Test input Expected output What it validates
single node 10 minimal round trip correctness
mixed connectivity 14 correct type-based filtering
all same type 12 normal shortest path accumulation
star graph 20 direct edge dominance and summation

Edge Cases

A key edge case is when the shortest path in the full graph goes through a forbidden node, but an alternative longer path exists without it. For example, if a good house is connected to the workshop through a bad node with a very short edge, that route must be ignored entirely. The filtered graph construction guarantees this by removing the bad node before any path computation, so the algorithm never even considers that shortcut.
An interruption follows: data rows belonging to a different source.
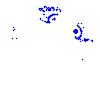
Particle: electron
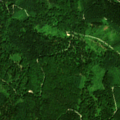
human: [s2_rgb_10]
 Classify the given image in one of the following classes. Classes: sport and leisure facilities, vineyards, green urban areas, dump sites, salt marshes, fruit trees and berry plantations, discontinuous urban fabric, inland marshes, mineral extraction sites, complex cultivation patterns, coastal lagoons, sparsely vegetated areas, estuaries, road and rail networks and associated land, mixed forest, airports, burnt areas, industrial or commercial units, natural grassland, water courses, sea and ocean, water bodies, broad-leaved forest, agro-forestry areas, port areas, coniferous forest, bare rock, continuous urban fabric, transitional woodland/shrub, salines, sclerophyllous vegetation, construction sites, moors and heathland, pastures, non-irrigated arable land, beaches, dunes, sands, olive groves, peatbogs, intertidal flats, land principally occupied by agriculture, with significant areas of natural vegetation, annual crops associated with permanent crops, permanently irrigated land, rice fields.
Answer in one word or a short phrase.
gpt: coniferous forest, mixed forest
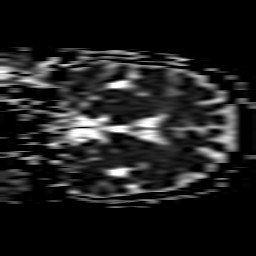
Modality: ADC
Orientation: coronal
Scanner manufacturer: ge
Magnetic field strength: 1.5 T
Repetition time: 8 s
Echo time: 0.0973 s
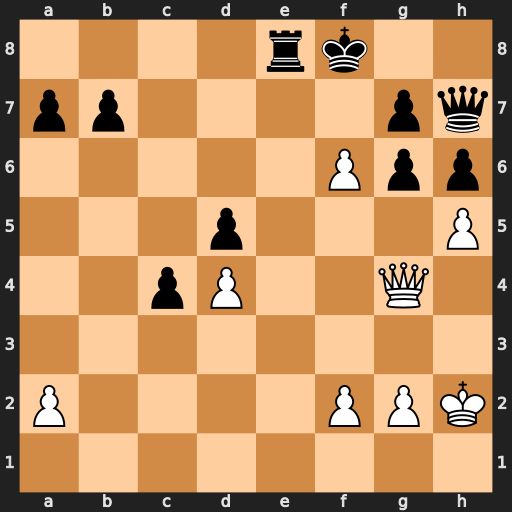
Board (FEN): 4rk2/pp4pq/5Ppp/3p3P/2pP2Q1/8/P4PPK/8
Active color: w
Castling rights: -
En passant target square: -
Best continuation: hxg6 Qg8 f7 Qxf7 gxf7
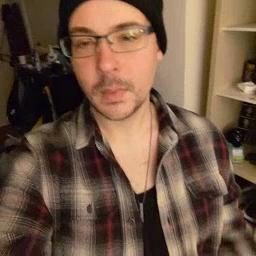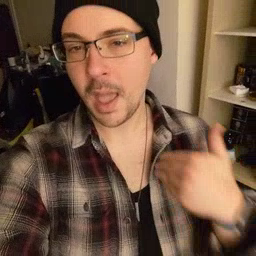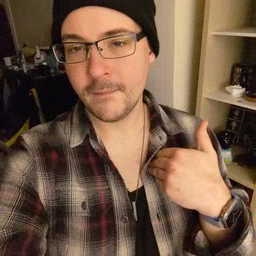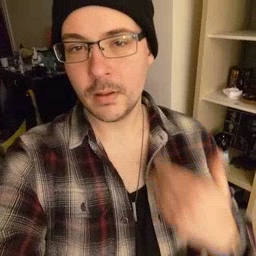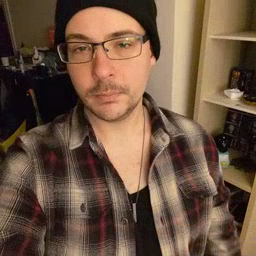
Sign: have
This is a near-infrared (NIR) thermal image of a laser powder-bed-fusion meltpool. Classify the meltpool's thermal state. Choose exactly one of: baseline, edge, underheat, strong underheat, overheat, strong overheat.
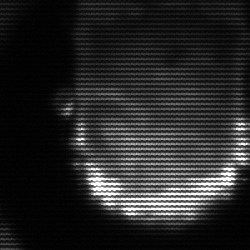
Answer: baseline
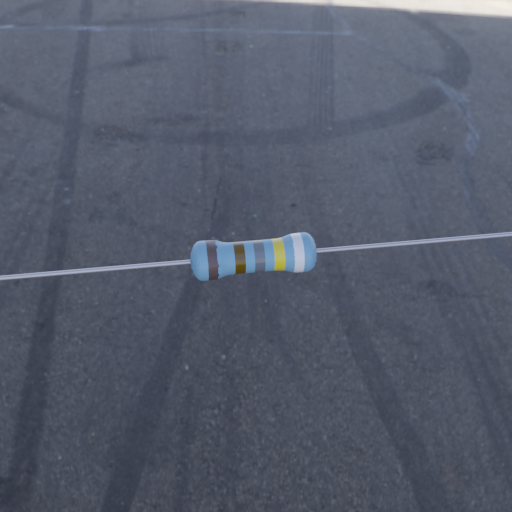
Resistor colour bands (in order): brown, brown, gray, yellow, white
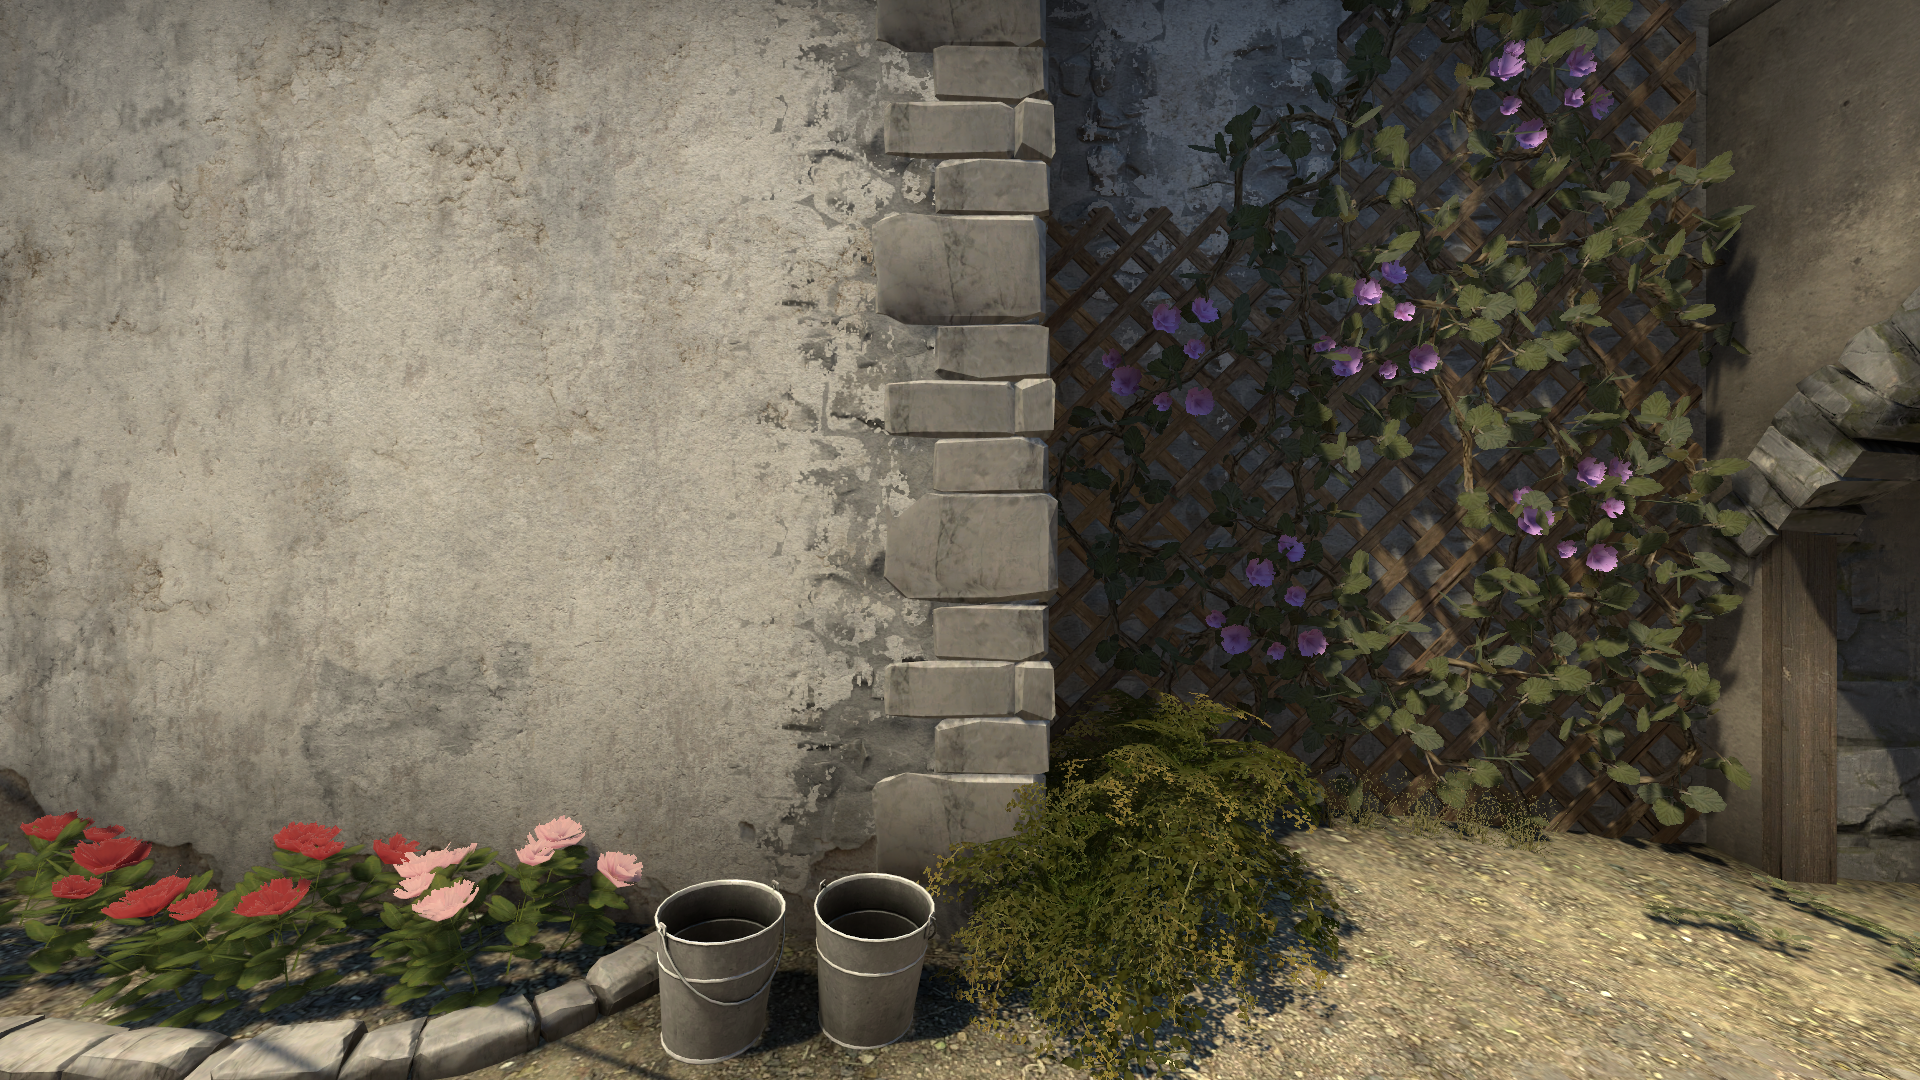
Map: de_inferno

Another edge case is when a house is directly connected to the workshop but isolated in its allowed subgraph due to missing compatible edges. In that situation, Dijkstra correctly leaves its distance as infinity, but the problem guarantees reachability, so we rely on that condition to avoid special handling.

Finally, edges between opposite types are silently discarded. This can look suspicious because it removes connectivity, but it is exactly what enforces the constraint. Any path that would cross such an edge would immediately violate the rule, so removing it preserves correctness rather than reducing it.